Este domingo leemos en comunidad el evangelio de San Mateo 28, 16-20: “En aquel tiempo, los once discípulos se fueron a Galilea, al monte que Jesús les habla indicado. Al verlo, ellos se postraron, pero algunos vacilaban.

Acercándose a ellos, Jesús les dijo: “Se me ha dado pleno poder en el cielo y en la tierra. Vayan y hagan mis discípulos a todos los pueblos, bautizándolos en el nombre del Padre y del Hijo y del Espíritu Santo; y enseñándoles a guardar todo lo que les he mandado. Y sepan que yo estoy con ustedes todos los días, hasta el fin del mundo”.

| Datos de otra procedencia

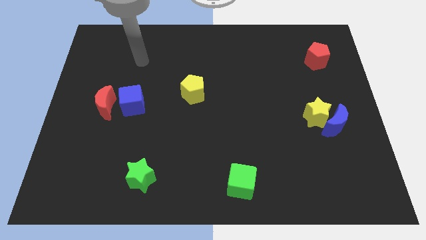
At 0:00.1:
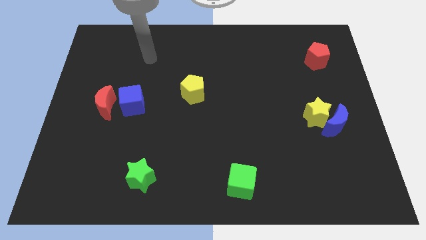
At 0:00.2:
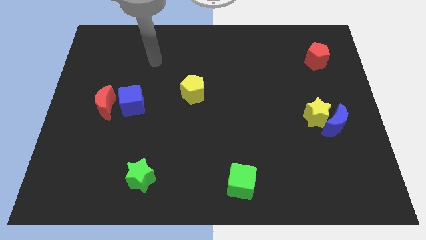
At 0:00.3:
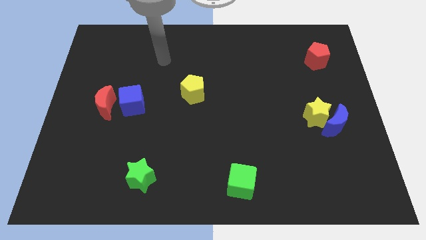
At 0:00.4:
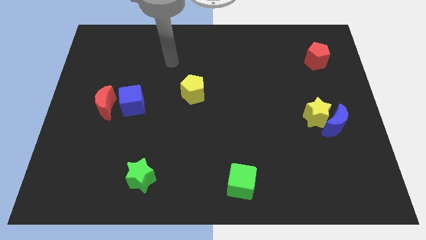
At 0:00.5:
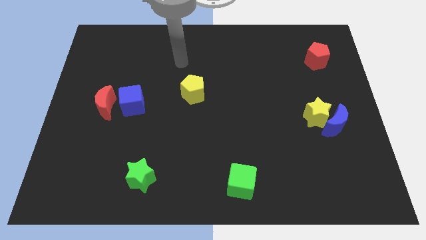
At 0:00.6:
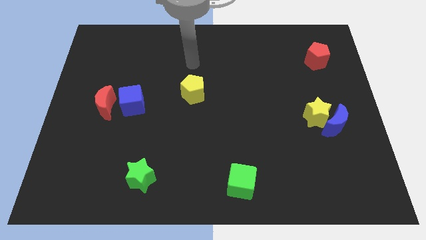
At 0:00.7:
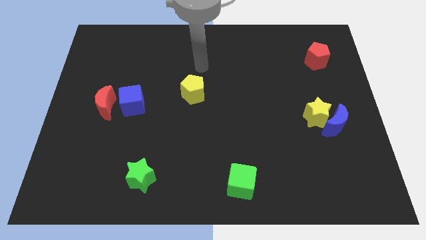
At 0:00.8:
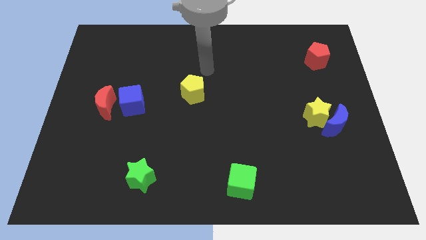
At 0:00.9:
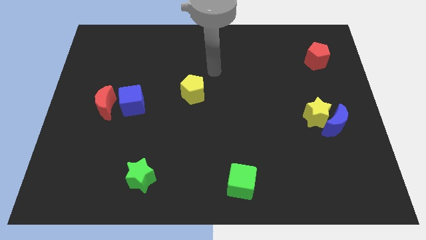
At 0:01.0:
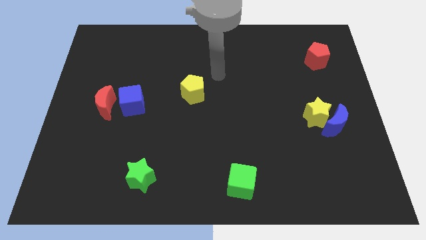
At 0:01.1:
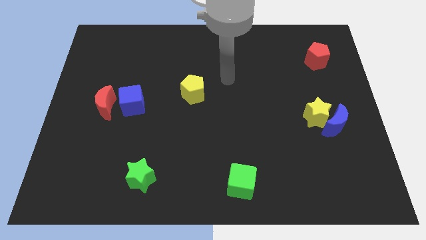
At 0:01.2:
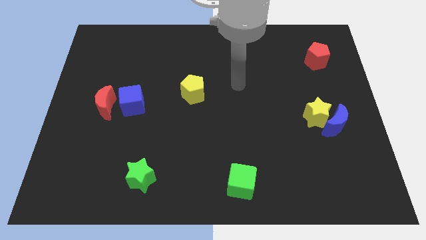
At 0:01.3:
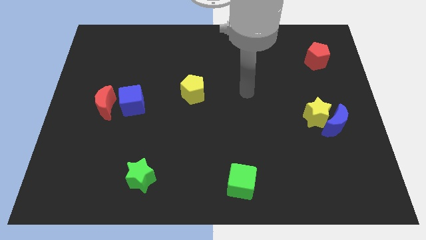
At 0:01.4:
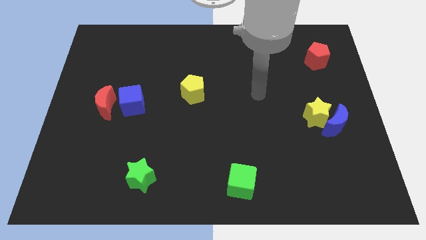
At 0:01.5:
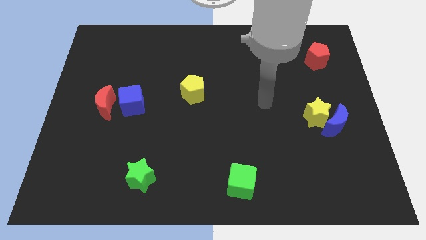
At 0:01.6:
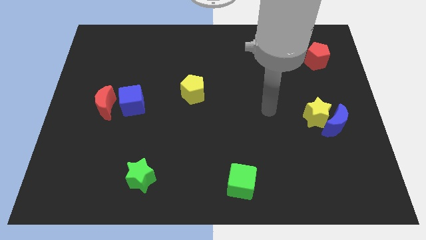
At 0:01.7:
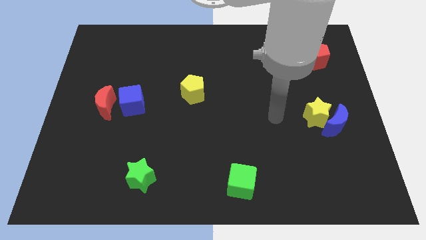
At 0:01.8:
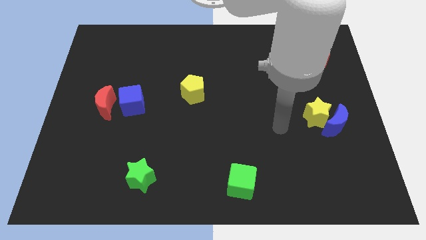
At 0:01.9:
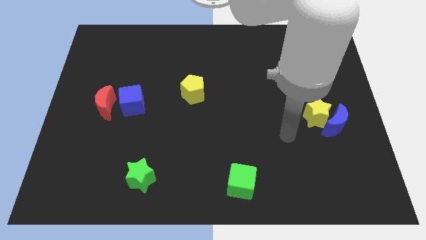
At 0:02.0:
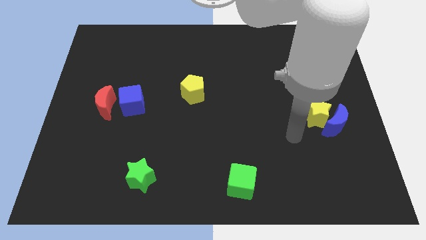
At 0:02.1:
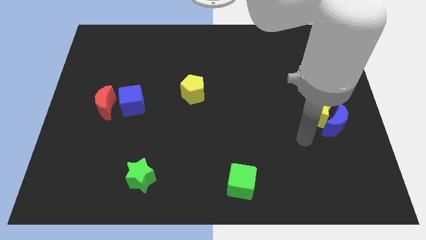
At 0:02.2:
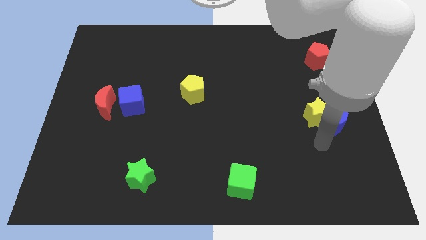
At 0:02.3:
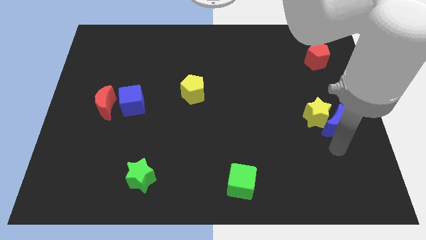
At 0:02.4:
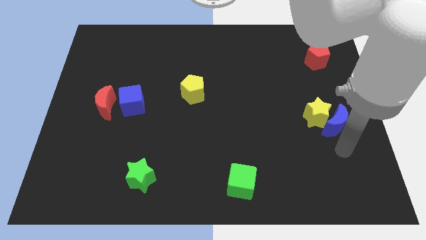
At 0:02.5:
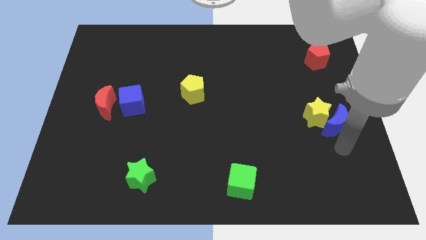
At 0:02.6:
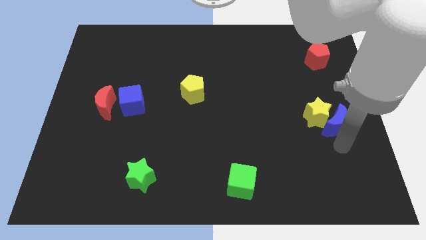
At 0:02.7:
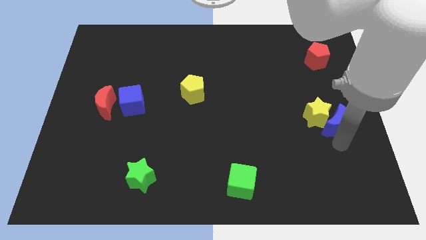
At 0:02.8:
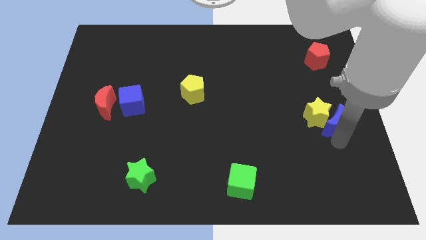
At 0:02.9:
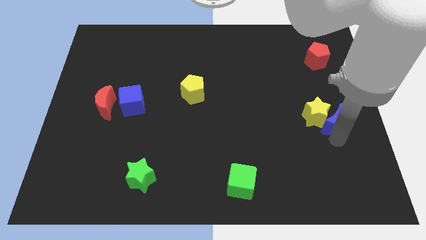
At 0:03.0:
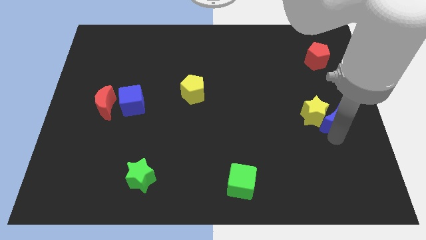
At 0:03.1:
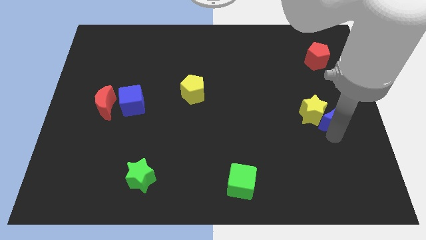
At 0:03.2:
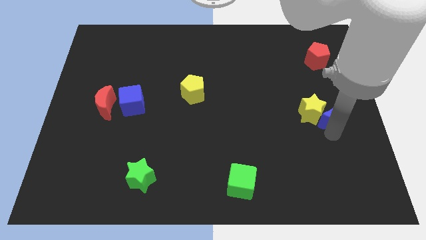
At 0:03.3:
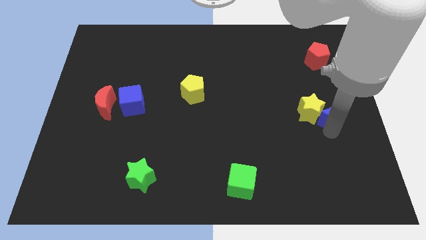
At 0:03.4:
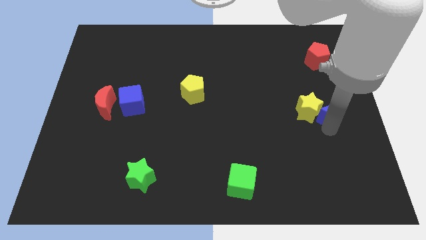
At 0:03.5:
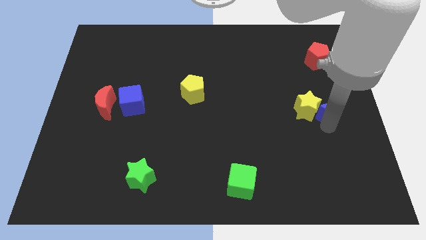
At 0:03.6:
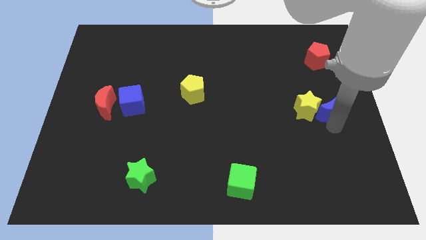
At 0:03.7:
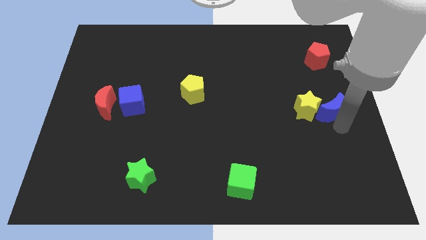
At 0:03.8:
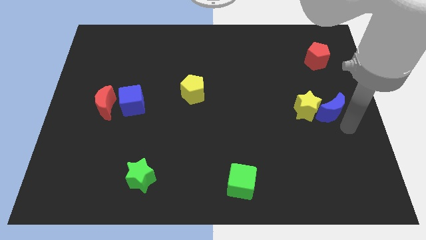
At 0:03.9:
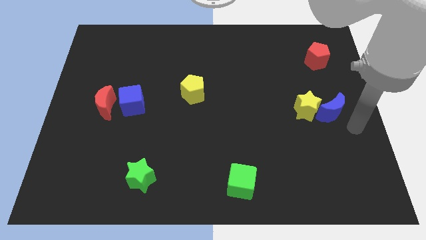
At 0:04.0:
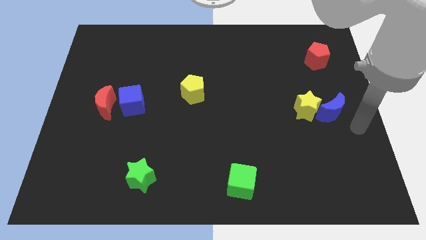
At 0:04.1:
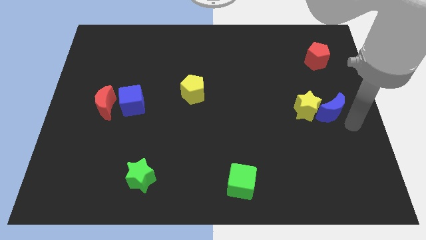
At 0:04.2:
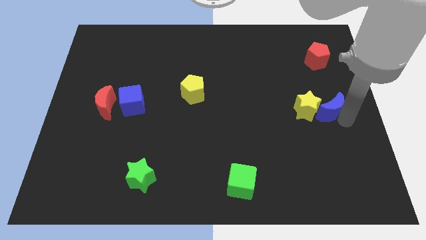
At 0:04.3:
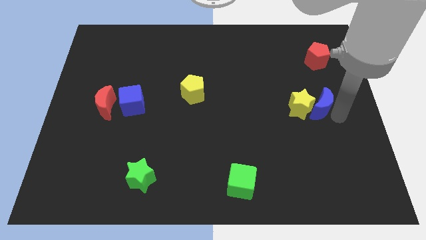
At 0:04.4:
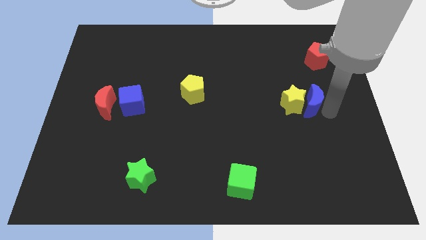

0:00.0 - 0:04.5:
push the blue moon upwards and left diagonally a little bit

El evangelio del día usa la categoría trinitaria como fórmula bautismal de salvación. Hacer discípulos y bautizar no puede quedar en un rito, en un papel, en una ceremonia de compromiso. Es el resucitado el que “manda” a los apóstoles, en esta experiencia de Galilea, a anunciar un mensaje decisivo. Debemos considerar que el bautismo en nombre del Padre, del Hijo y del Espíritu Santo significa que ser discípulos de Jesús es una llamada para entrar en el misterio de amor de Dios.

Bautizarse en el nombre del Dios trino es introducirse en la totalidad de su misterio. El Señor resucitado, desde Galilea, según la tradición de Mateo envía a sus discípulos a hacer hijos de Dios por todo el mundo. Podríamos preguntarnos qué sentido tienen hoy estas fórmulas de fe primigenias. Pues sencillamente lo que entonces se prometía a los que buscaban sentido a su vida. Por lo mismo, hacer discípulos no es simplemente enseñar una doctrina, sino hacer que los hombres encuentren la razón de su existencia en el Dios trinitario, el Dios cuya riqueza autocomunica su ternura y amor.

“Enséñame, oh Trinidad, cómo es tu libre mirada”, nos dice una canción interpretada por el grupo español Hakuna. Es una mirada no de juez humano ni mucho menos de verdugo. Es una mirada que contempla las huellas que su Gracia ha dejado en nosotros. Es una mirada que no cosifica ni condena al pecador; es una mirada libre y tierna, cargada de promesa y pura de amor.

Ser bautizado es ser cristiano con identidad propia, con deseos de evangelizar su entorno. No es fácil por momentos, porque es romper con el espíritu del mundo. Es mirar sin codicia, es dar la mano sin pedir nada a cambio, es buscar la verdad donde quiera que esté, es dejar que el Espíritu sople con fuerza en mi corazón y lo vuelva no de piedra sino de carne. Vivir la fe en la Trinidad es optar decididamente por amar lo imperfecto, porque a la vida se la recibe como viene. El sano no vale más que el enfermo. El pobre no es menos que el rico. El anciano no merece el descarte ni el joven el podio de la vida. El bautismo en la Ssma. Trinidad nos hace “hermanos”. Podemos y debemos leer nuestra historia en clave de fraternidad.